[Items from a data source]
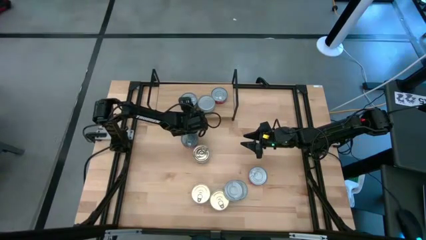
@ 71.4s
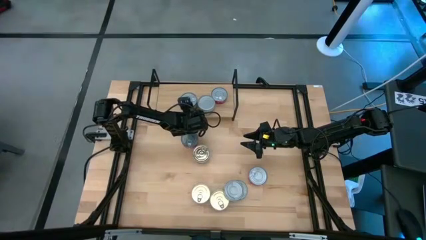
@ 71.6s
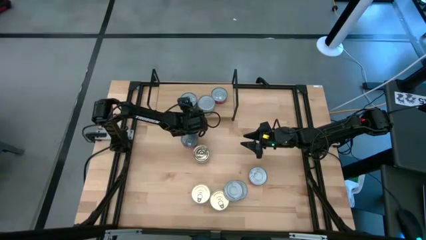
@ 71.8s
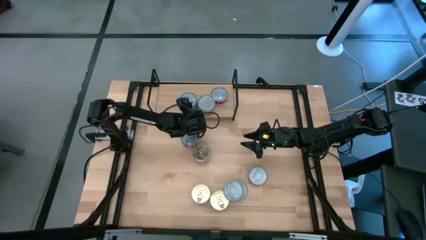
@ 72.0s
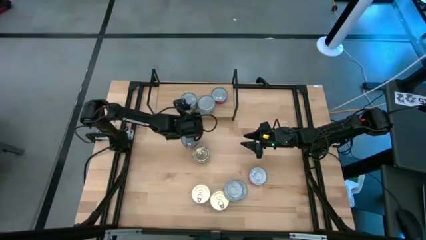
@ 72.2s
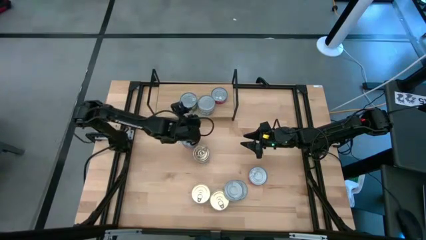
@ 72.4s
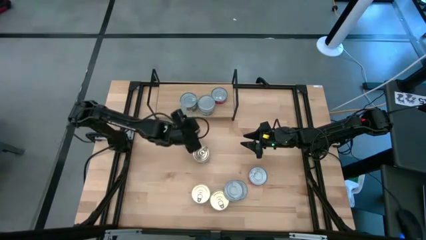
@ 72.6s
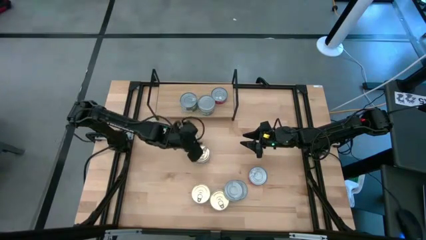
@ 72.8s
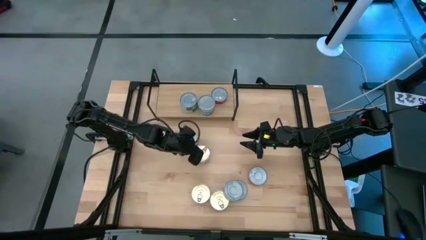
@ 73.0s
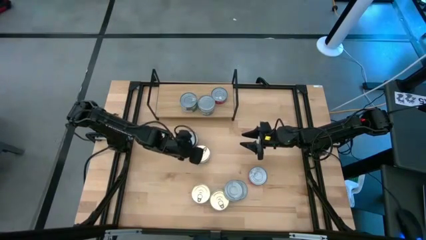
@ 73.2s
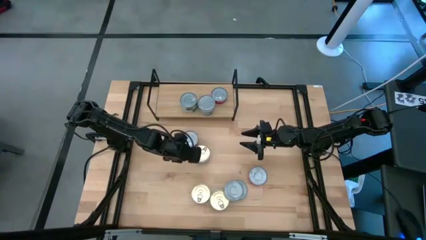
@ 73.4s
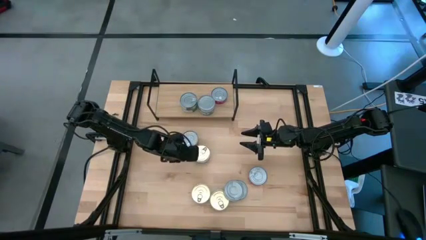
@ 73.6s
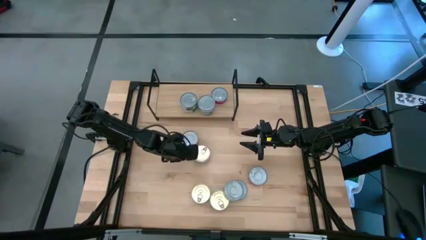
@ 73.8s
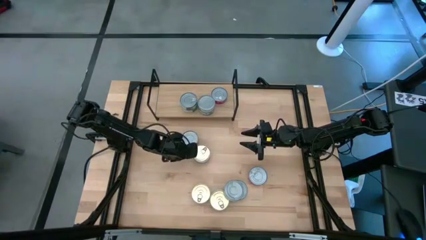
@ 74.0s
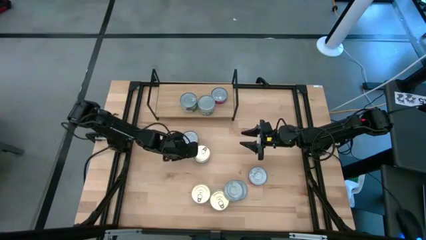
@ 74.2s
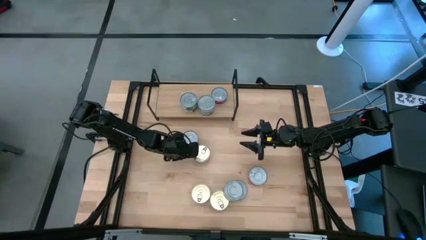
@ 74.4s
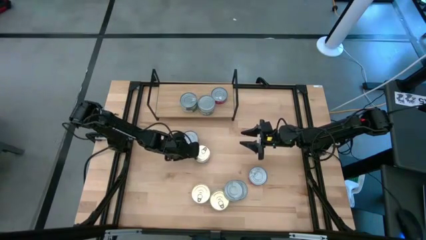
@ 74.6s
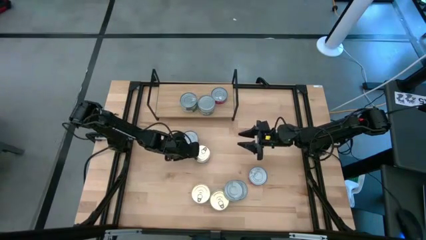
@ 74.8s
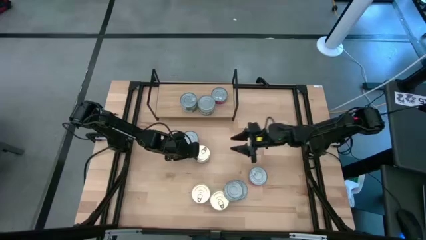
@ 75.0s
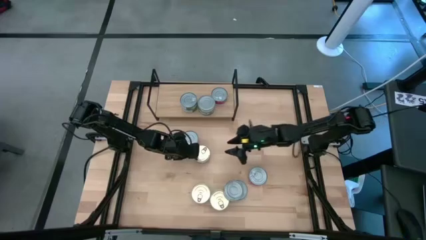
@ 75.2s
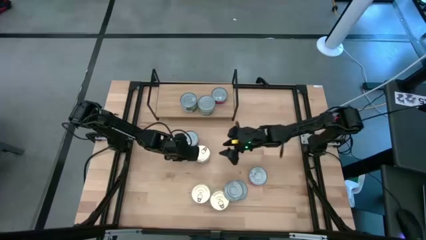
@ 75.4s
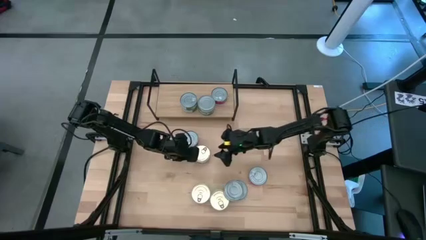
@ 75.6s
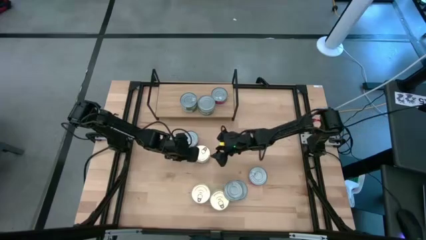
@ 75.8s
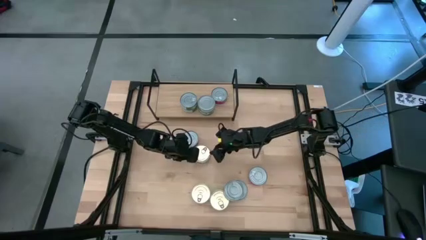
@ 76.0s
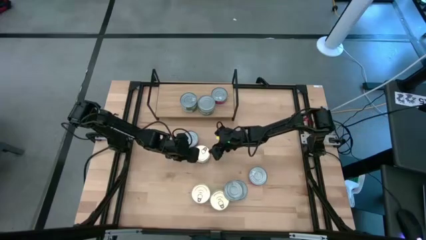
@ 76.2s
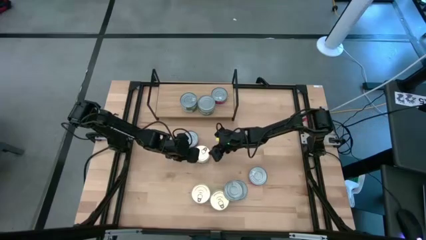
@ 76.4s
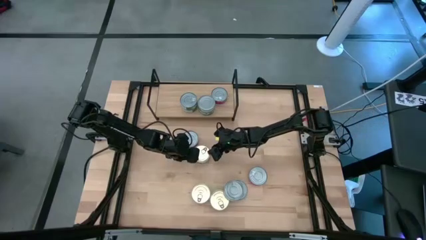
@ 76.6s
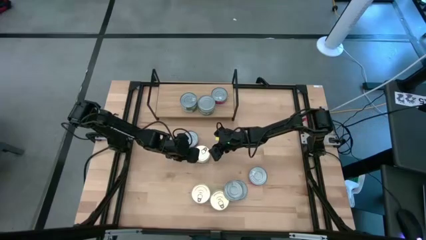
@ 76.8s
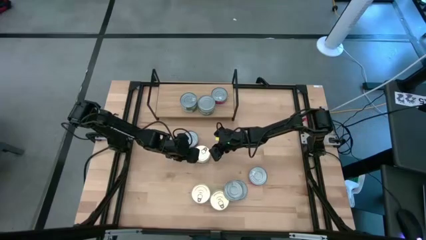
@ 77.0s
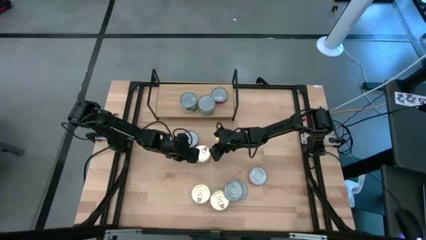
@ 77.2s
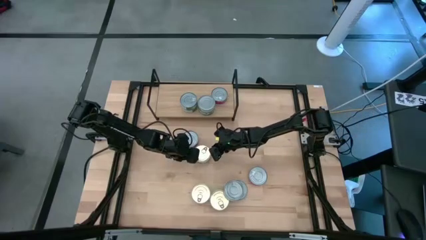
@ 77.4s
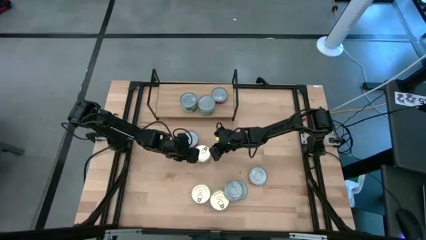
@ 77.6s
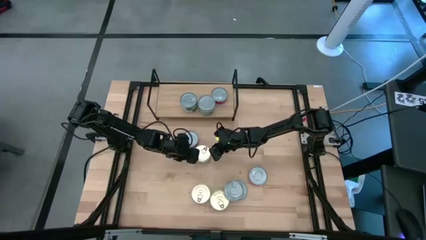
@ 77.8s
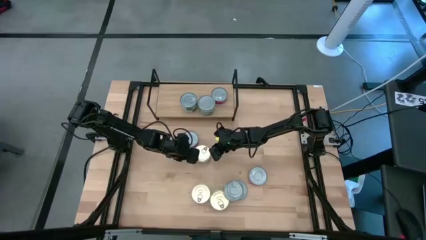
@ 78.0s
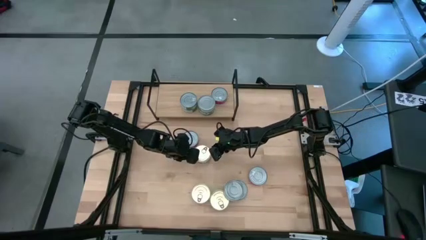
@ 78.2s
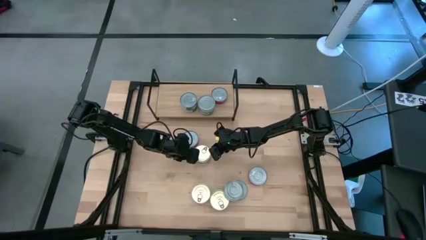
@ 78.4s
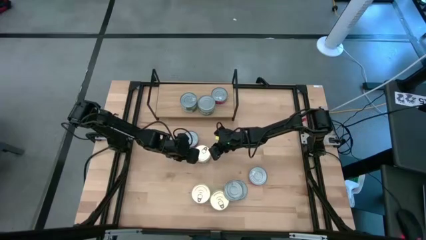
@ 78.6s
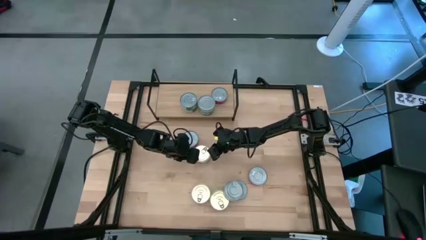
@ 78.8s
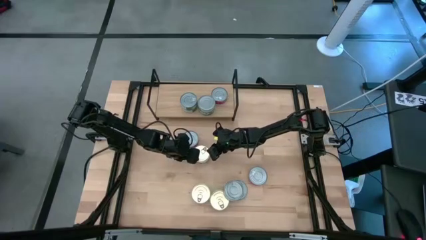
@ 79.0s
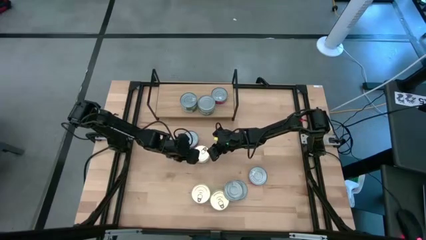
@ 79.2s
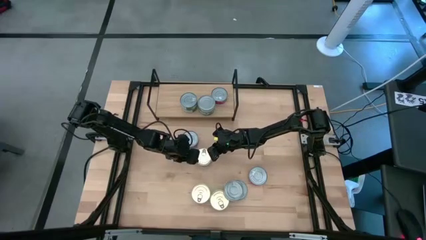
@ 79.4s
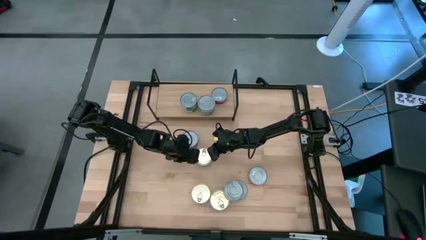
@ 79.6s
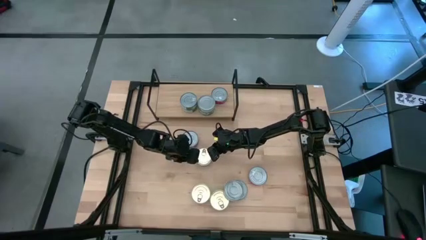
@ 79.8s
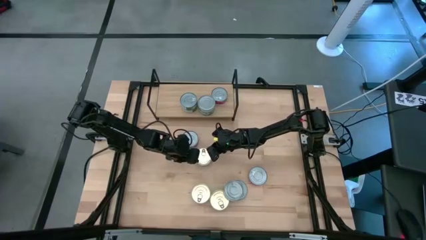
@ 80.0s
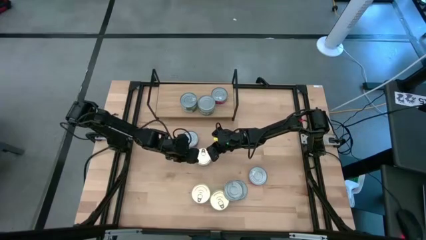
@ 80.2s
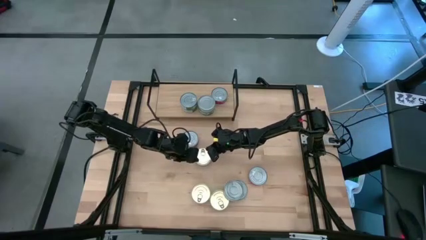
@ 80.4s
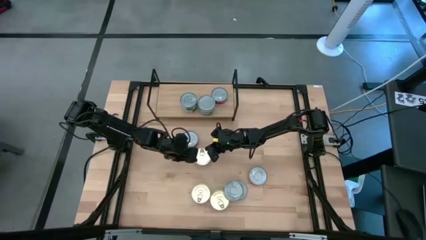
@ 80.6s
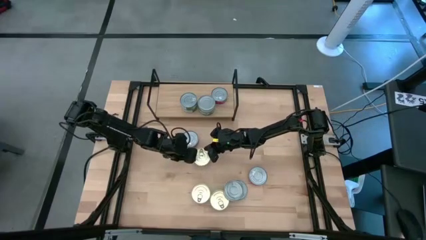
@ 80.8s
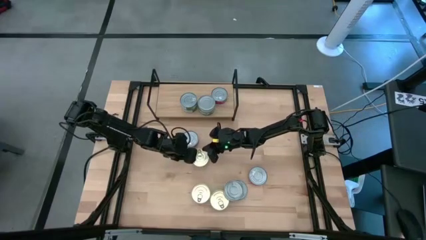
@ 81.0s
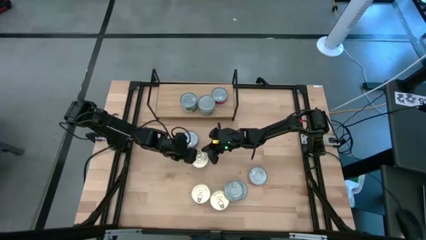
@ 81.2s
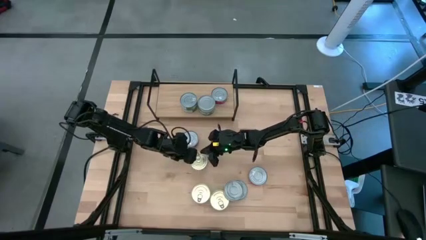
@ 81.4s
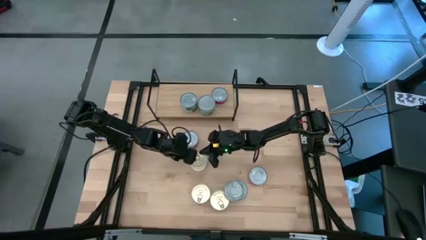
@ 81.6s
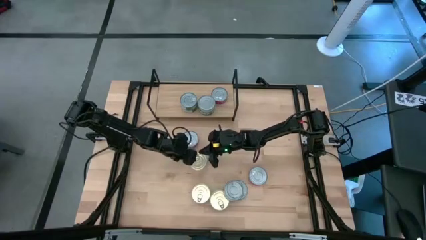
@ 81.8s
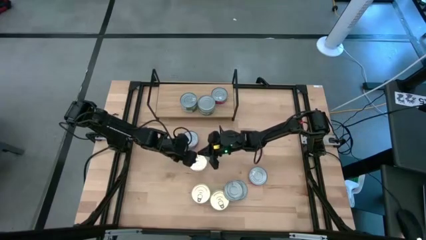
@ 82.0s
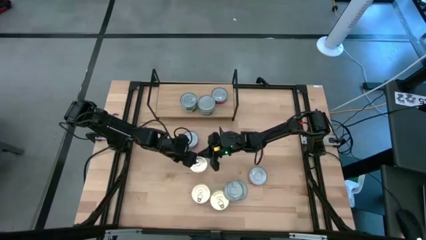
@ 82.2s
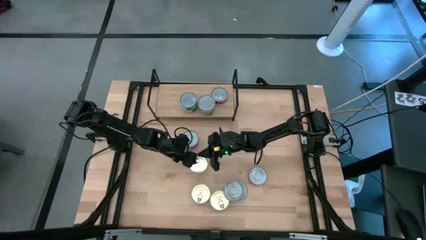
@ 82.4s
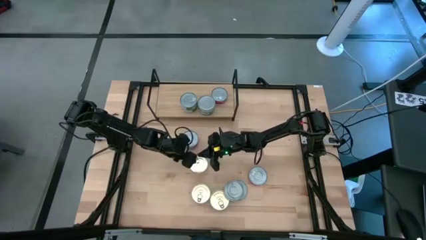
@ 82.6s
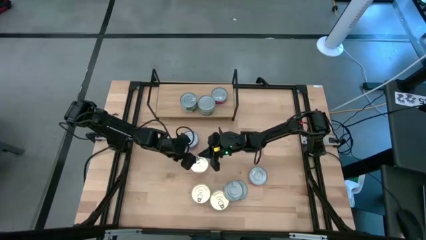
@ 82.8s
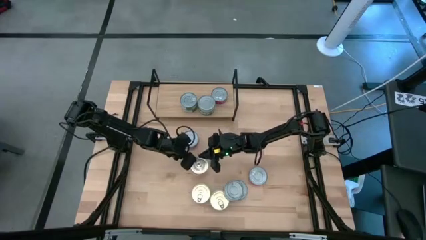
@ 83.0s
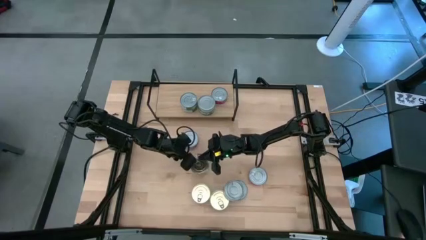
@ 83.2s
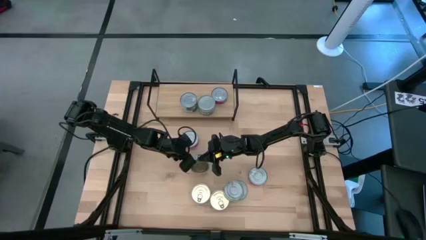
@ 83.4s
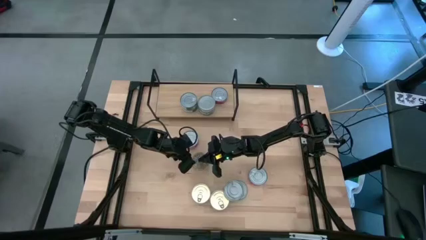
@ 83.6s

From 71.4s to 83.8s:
Task: Stack canned seafood by type on shelf
Put the blue tuna can on the shelf

• _Directions for this task_
Exactly as written above, print every record, and keep the pictures out.

• _Exercise output_
@ 71.4s
@ 71.6s
@ 71.8s
@ 72.0s
@ 72.2s
@ 72.4s
@ 72.6s
@ 72.8s
@ 73.0s
@ 73.2s
@ 73.4s
@ 73.6s
@ 73.8s
@ 74.0s
@ 74.2s
@ 74.4s
@ 74.6s
@ 74.8s
@ 75.0s
@ 75.2s
@ 75.4s
@ 75.6s
@ 75.8s
@ 76.0s
@ 76.2s
@ 76.4s
@ 76.6s
@ 76.8s
@ 77.0s
@ 77.2s
@ 77.4s
@ 77.6s
@ 77.8s
@ 78.0s
@ 78.2s
@ 78.4s
@ 78.6s
@ 78.8s
@ 79.0s
@ 79.2s
@ 79.4s
@ 79.6s
@ 79.8s
@ 80.0s
@ 80.2s
@ 80.4s
@ 80.6s
@ 80.8s
@ 81.0s
@ 81.2s
@ 81.4s
@ 81.6s
@ 81.8s
@ 82.0s
@ 82.2s
@ 82.4s
@ 82.6s
@ 82.8s
@ 83.0s
@ 83.2s
@ 83.4s
@ 83.6s

From 71.4s to 83.8s:
Task: Stack canned seafood by type on shelf
Put the blue tuna can on the shelf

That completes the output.